There’s no limit to what Bruins’ Thornton will do for his team

Thornton vs. Boulton/By S. Bradley

BOSTON – If taking a baseball swing at Johnny Boychuk’s back after a practice drills is what it takes to wake up his Bruins teammates the morning after a dreadful shutout loss to Anaheim, Shawn Thornton does it.

If dropping his gloves and duking it out with fellow welterweight Eric Boulton just two seconds into a game is what it takes to get his club’s juices flowing at the outset of a must-win game before the Christmas break, Thornton answers the bell.

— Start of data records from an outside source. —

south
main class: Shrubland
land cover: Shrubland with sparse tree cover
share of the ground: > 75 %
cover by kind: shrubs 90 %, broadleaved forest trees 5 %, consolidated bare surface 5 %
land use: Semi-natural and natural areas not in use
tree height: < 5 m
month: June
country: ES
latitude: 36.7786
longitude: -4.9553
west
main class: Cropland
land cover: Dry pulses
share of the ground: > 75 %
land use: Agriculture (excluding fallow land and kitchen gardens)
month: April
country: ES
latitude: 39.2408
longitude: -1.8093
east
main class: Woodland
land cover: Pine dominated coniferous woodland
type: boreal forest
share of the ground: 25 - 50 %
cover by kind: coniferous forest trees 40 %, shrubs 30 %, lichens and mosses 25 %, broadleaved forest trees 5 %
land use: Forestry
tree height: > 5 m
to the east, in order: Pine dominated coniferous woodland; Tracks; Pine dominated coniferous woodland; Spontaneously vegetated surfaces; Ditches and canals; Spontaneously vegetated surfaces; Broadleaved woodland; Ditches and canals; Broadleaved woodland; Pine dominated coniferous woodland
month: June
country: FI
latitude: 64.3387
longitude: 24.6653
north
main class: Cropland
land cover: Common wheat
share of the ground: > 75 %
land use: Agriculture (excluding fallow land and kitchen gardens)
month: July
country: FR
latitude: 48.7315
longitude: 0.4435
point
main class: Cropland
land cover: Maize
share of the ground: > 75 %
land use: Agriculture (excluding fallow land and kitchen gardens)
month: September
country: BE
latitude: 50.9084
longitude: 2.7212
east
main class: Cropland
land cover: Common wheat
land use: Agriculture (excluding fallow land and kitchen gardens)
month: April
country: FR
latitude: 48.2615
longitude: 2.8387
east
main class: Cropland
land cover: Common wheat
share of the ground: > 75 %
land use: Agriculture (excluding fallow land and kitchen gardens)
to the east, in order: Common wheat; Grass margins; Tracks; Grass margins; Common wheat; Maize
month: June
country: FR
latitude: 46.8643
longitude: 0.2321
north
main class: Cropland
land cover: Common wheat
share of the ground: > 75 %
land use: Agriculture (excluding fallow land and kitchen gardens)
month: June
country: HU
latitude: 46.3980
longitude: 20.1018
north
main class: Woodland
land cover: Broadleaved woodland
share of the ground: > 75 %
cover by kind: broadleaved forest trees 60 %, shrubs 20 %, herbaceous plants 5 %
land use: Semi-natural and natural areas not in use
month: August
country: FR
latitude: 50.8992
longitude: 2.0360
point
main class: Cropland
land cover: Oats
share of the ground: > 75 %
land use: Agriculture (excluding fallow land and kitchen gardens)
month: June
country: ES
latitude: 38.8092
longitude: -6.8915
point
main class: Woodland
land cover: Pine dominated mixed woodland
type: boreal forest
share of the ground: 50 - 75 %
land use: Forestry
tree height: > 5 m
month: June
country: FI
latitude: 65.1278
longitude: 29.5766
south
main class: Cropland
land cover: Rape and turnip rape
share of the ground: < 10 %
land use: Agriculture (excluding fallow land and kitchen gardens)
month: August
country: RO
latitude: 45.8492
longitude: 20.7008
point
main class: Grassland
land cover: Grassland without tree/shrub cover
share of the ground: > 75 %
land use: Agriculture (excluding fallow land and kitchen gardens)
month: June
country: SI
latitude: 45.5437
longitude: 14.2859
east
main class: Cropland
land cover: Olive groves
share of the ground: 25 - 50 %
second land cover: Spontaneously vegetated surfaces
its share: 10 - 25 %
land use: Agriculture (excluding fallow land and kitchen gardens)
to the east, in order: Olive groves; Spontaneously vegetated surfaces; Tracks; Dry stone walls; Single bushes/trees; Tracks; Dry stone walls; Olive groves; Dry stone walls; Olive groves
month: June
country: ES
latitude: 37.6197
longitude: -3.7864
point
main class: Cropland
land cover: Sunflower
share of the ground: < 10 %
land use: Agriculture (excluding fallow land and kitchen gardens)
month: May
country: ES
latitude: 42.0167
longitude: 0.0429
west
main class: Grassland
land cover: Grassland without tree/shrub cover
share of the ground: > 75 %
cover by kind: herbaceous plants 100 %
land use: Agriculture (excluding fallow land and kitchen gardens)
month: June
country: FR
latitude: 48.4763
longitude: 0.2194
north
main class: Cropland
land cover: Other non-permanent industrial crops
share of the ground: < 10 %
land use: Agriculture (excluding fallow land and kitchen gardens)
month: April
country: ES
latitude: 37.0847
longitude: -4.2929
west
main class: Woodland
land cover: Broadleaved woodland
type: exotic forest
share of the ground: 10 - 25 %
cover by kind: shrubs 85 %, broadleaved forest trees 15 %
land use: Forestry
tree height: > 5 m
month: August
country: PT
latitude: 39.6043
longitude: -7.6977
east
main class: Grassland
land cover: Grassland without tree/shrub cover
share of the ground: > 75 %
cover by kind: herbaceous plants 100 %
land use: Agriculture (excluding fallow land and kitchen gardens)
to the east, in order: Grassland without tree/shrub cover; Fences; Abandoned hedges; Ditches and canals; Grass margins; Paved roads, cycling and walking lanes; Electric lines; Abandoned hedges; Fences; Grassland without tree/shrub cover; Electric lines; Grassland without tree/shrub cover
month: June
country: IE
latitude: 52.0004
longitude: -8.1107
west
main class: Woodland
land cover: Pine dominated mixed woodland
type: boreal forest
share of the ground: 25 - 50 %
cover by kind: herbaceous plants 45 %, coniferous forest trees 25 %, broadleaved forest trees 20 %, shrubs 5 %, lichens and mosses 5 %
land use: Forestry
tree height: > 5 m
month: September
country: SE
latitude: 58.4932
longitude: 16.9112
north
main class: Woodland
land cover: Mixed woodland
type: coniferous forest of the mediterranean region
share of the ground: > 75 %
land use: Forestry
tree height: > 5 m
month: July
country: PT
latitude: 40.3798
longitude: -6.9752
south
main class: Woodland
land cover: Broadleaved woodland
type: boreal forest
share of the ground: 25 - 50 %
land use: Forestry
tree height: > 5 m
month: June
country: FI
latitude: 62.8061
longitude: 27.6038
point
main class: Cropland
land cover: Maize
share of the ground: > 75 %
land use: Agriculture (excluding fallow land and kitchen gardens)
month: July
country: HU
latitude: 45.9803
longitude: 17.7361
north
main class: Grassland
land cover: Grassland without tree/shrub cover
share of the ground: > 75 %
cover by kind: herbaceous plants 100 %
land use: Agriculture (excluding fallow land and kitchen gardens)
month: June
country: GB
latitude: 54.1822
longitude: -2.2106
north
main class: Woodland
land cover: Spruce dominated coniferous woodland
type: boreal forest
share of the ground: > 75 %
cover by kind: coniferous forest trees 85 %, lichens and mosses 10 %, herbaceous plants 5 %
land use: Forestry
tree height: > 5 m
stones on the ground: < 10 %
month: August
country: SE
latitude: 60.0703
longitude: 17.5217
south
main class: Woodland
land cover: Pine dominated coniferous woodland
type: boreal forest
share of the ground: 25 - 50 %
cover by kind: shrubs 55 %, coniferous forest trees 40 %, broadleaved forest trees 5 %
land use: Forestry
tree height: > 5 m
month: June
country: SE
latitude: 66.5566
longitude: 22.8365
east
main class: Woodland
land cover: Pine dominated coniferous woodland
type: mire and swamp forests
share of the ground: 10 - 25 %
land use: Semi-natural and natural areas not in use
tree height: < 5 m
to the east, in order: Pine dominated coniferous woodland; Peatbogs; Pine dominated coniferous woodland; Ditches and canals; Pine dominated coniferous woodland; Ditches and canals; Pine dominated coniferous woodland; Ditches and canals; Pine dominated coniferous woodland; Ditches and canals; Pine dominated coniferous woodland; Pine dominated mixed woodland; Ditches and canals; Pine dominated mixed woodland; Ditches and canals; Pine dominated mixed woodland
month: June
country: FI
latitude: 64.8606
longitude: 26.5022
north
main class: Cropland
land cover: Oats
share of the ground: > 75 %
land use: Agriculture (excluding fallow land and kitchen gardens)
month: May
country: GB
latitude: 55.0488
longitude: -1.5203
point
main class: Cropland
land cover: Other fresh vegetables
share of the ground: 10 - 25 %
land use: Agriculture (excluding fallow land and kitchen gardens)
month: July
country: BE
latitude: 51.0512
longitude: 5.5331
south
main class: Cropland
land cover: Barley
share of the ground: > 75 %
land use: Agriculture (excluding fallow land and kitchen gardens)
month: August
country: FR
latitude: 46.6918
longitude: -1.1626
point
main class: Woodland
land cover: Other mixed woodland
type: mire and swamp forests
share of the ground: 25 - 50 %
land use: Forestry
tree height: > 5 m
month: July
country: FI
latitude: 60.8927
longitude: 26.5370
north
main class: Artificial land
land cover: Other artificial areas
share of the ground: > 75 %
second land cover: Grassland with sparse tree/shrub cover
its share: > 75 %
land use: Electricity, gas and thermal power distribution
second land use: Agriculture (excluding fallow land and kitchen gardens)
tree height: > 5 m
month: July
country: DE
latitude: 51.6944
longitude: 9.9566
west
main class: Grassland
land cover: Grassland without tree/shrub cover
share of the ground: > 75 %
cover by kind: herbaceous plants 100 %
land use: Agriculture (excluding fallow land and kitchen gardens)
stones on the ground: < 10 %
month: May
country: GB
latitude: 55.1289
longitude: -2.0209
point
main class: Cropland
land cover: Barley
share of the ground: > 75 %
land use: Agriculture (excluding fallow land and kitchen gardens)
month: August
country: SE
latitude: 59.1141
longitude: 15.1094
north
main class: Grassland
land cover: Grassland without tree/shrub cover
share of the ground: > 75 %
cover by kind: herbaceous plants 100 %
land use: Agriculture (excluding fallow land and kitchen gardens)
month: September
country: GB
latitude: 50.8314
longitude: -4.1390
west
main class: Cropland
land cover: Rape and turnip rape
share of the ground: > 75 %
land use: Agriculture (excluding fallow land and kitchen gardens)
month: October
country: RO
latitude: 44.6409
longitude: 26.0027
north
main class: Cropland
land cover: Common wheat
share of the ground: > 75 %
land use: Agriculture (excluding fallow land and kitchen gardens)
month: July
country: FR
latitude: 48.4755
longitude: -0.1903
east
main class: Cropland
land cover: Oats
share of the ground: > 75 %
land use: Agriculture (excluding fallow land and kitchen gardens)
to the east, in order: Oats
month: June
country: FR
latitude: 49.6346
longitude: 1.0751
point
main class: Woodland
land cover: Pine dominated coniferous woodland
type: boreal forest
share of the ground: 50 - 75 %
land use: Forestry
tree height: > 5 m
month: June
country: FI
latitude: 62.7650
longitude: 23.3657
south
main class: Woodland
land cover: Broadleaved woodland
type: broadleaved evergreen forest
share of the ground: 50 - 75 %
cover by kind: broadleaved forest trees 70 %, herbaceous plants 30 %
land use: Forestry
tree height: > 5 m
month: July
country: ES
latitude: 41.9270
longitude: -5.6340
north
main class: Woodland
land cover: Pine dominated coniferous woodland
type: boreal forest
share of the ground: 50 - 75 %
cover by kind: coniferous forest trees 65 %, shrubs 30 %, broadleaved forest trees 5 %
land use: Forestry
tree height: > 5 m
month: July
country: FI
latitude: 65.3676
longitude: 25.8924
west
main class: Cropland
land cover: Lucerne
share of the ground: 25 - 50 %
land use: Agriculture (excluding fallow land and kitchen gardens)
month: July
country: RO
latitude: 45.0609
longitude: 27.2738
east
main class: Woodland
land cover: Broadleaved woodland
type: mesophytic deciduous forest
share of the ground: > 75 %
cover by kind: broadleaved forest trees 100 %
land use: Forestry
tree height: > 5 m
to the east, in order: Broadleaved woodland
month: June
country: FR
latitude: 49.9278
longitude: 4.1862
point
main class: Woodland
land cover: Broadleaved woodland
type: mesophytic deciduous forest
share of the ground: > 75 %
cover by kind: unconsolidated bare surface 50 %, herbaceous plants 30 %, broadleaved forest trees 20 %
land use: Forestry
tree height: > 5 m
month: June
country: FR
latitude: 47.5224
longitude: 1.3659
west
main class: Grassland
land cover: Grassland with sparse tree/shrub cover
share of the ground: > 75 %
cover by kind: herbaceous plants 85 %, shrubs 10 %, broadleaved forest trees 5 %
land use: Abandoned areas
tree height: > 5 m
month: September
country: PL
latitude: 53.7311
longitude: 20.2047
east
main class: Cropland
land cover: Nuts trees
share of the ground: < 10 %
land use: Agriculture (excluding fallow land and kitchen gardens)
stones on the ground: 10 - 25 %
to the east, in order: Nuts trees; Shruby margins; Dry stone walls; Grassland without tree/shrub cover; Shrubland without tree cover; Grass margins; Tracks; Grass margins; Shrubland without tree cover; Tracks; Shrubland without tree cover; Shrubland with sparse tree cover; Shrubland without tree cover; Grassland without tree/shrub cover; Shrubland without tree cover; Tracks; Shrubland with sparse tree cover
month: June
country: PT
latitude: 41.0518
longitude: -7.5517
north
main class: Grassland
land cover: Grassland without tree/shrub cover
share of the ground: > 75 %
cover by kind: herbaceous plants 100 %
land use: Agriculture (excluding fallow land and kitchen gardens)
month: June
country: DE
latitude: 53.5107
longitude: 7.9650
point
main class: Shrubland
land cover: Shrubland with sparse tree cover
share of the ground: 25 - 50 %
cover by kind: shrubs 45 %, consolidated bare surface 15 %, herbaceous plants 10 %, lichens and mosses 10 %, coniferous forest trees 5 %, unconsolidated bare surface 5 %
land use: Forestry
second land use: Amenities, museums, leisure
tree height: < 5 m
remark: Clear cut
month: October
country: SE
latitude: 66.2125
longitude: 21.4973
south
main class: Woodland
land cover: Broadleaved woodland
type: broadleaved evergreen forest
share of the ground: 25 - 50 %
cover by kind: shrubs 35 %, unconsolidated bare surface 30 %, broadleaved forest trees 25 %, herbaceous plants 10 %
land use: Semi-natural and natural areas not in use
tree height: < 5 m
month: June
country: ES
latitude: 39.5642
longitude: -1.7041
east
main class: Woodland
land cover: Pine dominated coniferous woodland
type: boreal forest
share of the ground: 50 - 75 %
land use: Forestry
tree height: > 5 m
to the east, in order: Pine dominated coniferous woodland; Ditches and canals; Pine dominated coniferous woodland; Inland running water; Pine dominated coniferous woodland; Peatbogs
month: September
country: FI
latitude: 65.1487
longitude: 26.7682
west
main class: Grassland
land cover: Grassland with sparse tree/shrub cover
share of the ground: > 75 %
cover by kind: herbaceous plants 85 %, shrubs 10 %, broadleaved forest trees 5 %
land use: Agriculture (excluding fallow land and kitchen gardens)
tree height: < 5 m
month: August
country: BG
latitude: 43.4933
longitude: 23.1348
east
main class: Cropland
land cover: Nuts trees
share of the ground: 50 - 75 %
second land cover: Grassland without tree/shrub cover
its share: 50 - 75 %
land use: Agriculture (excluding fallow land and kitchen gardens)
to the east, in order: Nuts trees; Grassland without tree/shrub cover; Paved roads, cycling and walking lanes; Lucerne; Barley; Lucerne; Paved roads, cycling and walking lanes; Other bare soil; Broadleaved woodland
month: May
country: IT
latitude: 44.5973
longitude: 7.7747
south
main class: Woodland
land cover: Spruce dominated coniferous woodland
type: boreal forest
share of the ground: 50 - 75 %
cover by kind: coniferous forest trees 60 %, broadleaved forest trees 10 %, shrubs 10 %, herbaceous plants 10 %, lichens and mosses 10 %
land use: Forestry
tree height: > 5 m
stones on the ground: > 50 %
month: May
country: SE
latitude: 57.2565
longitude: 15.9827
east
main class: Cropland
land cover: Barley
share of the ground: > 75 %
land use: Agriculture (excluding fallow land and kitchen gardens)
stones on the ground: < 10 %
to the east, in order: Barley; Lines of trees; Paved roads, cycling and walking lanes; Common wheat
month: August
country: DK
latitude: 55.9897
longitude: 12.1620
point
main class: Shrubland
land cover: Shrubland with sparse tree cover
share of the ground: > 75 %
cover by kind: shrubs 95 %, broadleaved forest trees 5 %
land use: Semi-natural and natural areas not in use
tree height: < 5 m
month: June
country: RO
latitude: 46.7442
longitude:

When the Bruins need a couple goals … well, at least we know he can get the puck to the net (he’s in the top 10 in the NHL in shots per 60 minutes). And sometimes those pucks find the mesh, and even do it twice in the same night.

The superlatives when it comes to Shawn Thornton and all the things he’s willing to do and the sacrifices he’s willing to make have all been written before. He comes to the defense of his teammates, he says what needs to be said in the room, and this year he has added an offensive upside that’s almost unheard of for someone of his pedigree and pay scale.

His two-goal, one-fight performance in Boston’s 4-1 win over Atlanta tonight, however, might’ve been a little different than any previous showing he’s enjoyed while wearing black and gold.

After the Bruins sleepwalked through their 3-0 loss at home against the Ducks Monday, head coach Claude Julien was unsure whether to make his team work harder or go lightly on his players the next day. Julien chose to crack the whip, and that obviously made Thornton – a guy who works hard regardless of the score, in a game or practice – a little bit ornery. It didn’t help matters when during the drills he was crunched into the boards, ribs first, by Dennis Seidenberg, and then got a pop in the face from Johnny Boychuk.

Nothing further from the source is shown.